Queen Anne Elementary

Queen Anne
Elementary
Resources

Counseling

Counseling

Positive Discipline in the Classroom
Positive Discipline in the Classroom (developed by Jane Nelsen and Lynn Lott) is a research-based classroom management program that empowers teachers with skills to build their students’ sense of community, prepare them for successful living, and increase academic achievement. Experiential learning methods give you skills to help students practice better cooperation, social skills, self-direction, responsibility, and mutual respect in the classroom.

Positive Time Out, Positive Discipline

Some Brain Science
Positive Discipline uses brain science to understand how our brain works and the need to calm down before solving problems. In our school community we use the Brain in the palm of your hand model from Dr. Daniel Siegel, (Clinical Professor of Psychiatry at the UCLA School of Medicine and founding co-director of the Mindful Awareness Research Center).

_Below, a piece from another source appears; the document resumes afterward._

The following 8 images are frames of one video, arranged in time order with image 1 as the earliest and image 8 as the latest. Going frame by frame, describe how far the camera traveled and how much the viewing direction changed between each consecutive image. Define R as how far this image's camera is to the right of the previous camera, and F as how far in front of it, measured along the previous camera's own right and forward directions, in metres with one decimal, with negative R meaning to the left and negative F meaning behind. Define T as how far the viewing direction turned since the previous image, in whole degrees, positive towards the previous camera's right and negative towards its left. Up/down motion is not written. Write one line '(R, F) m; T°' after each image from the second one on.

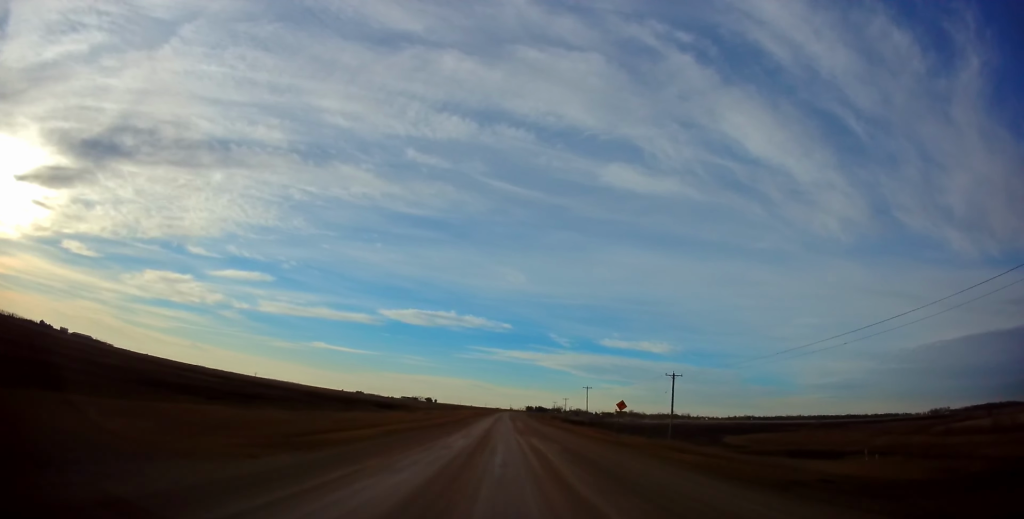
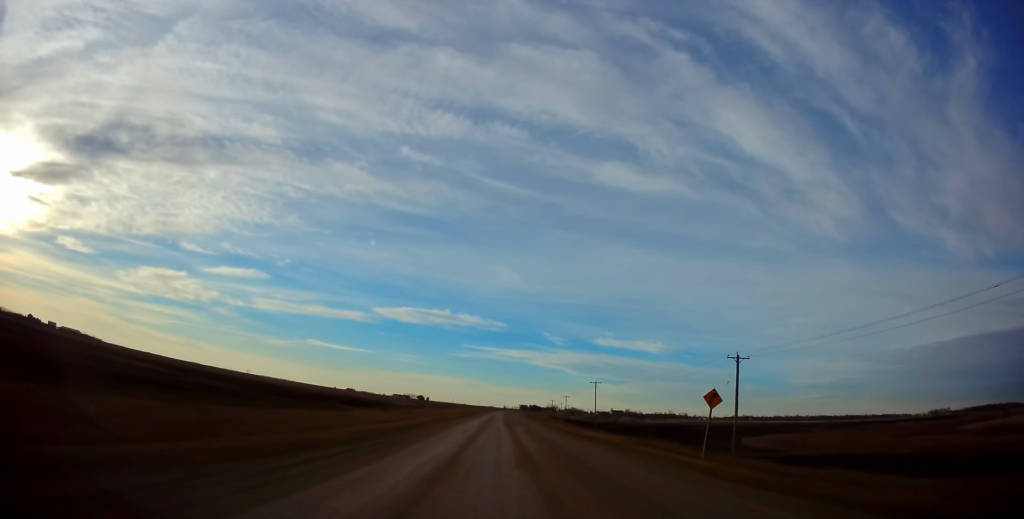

With this model, we learned that when our brain is calm, the prefrontal cortex of our brain allows us to be empathetic, think and solve problems. When we are mad, sad or scared, our prefrontal cortex, shuts down and stops working. Our brain “flips the lid”, which means our limbic system takes over and emotions leave us only with fight, flight, freeze options. When our brain flips the lid and our emotions take control, we cannot solve problems effectively, so first we need to calm down.

In classrooms, students brainstorm different ways we all could use to help our brain calm down when we flip our lid. These ideas are displayed in our calm down area.